Non-application of certain Corporate Governance Rules of Giełda Papierów Wartościowych S.A.

Current report no. 10/2016

Legal basis: Article 56 (1) (1) of the Act on public offering – confidential information

The Management Board of Polimex-Mostostal S.A. having its registered office in Warsaw at al. Jana Pawła II 12 (hereinafter referred to as the ‘Company’), acting pursuant to § 29 (3) of the Rules of Procedure of Giełda Papierów Wartościowych w Warszawie S.A. hereby informs that the Company has decided not to apply the following Corporate Governance Rules contained in ‘Good Practices of Companies Listed at Warsaw Stock Exchange (WSE)’, constituting an annex to Resolution no. 26/1413/2015 of the Supervisory Board of Giełda Papierów Wartościowych w Warszawie S.A. dated 13 October 2015 (hereinafter referred to as the ‘Corporate Governance Rules’):

I. Part I – Information Policy and communication with investors

1.Part I, paragraph I.Z.16 of the Corporate Governance Rules:

Content of the Rule:

‘information pertaining to a planned broadcast of a general meeting – not later than within 7 days prior to the date of the general meeting’.

Justification:

The Company does not pursue the Rule due to the fact that they do not broadcast any general meetings. If the Company decides to apply any rules pertaining to the broadcast of general meetings, they will also consider application of the said Rule.

2. Part I, paragraph I.Z.19 of the Corporate Governance Rules:

Content of the Rule:

‘stockholders’ inquiries addressed at the Management Board pursuant to Article 428 § 1 or § 6 of the Polish Code of Commercial Companies, inclusive of the Management Board’s answers to the inquiries, or detailed identification of reasons for a failure to provide such answers, pursuant to the rule of IV.Z.13’.

Justification:

The foregoing Rule is only pursued by the Company in the part and within the scope in which the Company runs its corporate website and updates it with information and stockholders’ inquiries preceding the General Meeting, inclusive of answers to such inquiries, which are required under the law. The foregoing rule is not pursued with respect to updating the website with any stockholders’ inquiries pertaining to the issues included in the agenda and put forward in the course of the General Meeting, inclusive of answers to such inquiries, as the Management Board of the Company does not record the course of the General Meeting. The Company updates its corporate website with draft resolutions prior to the General Meeting, followed by the texts of such resolutions adopted by the General Meeting.
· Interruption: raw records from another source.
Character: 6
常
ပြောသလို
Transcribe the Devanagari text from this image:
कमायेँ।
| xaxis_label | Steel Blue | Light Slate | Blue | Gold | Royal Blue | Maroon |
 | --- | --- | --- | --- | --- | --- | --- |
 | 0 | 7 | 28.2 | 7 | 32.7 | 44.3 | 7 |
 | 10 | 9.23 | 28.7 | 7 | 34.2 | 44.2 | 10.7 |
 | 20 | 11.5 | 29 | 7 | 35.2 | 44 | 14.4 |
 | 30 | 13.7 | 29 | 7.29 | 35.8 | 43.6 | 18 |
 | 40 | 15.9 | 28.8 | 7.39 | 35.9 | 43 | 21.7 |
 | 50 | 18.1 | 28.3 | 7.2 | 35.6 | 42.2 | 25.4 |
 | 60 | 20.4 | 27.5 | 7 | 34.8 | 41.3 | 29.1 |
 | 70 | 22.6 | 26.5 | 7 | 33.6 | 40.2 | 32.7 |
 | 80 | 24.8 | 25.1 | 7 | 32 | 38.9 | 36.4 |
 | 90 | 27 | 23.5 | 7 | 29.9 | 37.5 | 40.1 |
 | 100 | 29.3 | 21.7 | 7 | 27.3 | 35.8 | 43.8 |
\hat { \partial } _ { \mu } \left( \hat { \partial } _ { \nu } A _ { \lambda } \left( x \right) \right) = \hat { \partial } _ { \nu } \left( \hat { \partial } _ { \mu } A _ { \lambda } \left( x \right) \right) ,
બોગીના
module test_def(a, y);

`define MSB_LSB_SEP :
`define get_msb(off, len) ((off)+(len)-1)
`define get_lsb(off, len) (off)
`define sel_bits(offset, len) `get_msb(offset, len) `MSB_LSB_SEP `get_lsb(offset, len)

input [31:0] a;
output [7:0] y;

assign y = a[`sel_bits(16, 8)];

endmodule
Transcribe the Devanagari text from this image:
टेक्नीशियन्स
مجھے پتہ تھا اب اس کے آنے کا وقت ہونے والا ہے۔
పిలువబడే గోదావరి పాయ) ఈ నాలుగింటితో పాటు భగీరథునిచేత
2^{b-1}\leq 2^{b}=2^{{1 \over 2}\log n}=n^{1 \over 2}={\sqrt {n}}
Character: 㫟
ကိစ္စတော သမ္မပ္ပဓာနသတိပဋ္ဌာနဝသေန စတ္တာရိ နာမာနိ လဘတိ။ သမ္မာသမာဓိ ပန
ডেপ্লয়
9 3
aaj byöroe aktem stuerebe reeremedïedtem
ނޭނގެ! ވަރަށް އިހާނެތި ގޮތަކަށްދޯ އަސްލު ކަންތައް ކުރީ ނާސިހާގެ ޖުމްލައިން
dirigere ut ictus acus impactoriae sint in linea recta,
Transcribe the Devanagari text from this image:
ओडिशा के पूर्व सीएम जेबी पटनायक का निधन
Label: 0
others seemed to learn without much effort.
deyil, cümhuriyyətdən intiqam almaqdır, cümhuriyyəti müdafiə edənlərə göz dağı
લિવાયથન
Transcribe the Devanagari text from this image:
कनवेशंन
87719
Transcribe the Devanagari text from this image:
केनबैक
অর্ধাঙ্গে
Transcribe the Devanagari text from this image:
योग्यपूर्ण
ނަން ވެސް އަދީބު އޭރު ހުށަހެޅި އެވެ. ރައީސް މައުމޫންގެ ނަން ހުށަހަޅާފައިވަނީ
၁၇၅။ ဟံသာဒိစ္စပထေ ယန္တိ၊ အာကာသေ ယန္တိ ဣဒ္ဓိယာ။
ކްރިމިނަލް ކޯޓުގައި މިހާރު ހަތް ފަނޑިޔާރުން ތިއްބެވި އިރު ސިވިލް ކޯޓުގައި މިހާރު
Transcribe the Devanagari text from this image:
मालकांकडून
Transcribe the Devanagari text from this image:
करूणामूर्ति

3. Part I, paragraph I.Z.20 of the Corporate Governance Rules:

Content of the Rule:

‘audio or video recording of the general meeting’.

Justification:

The Company does not anticipate audio or video recording of the course of the General Meeting and uploading of such recordings to its corporate website due to the costs related to it as well as due to its current experience in terms of organisation and course of general meetings which do not indicate such recordings are required.

 

II. Part IV – General Meeting and relations with stockholders

1. Part IV, paragraph IV.R.2 of the Corporate Governance Rules:

Content of the Rule:

‘If justified given the structure of stockholders or stockholders’ expectations notified to the Company, on condition that the Company is capable of ensuring technical infrastructure required to hold a general meeting in an uninterrupted manner and with the use of means of electronic communication, the Company should enable its stockholders to participate in general meetings with the use of such means, in particular by means of:

1) broadcasting general meetings in real time;

2) ensuring two-way communication in real time, within the framework of which stockholders will be able to speak in the course of the general meeting while remaining at a location other than the location at which the general meeting is held’.

Justification:

The Company does not anticipate broadcasts of general meetings in real time as the structure of stockholders and current experience related to organisation of general meetings do not indicate such need. In the opinion of the Company, exercise of the right of vote with the use of means of electronic communication  is yet to be generally popular and poses organisational and technical risks, for instance possible contesting of resolutions adopted due to some technical failures. As application of the aforementioned Corporate Governance Rules becomes more popular, the Management Board of the Company will consider implementation of it.

2.    Part IV, paragraph IV.R.2 of the Corporate Governance Rules:

Content of the Rule:

‘If justified given the structure of stockholders of the Company, the Company shall ensure generally accessible broadcasts of general meetings in real time’.

Justification:

Given the current experience in terms of organisation and course of general meetings as well as the structure of its stockholders, the Company is of the opinion that such broadcasts are not required.  The Company does not rule out application of the foregoing Rule in the future, following provision of adequate technical capabilities and adequate investments in it.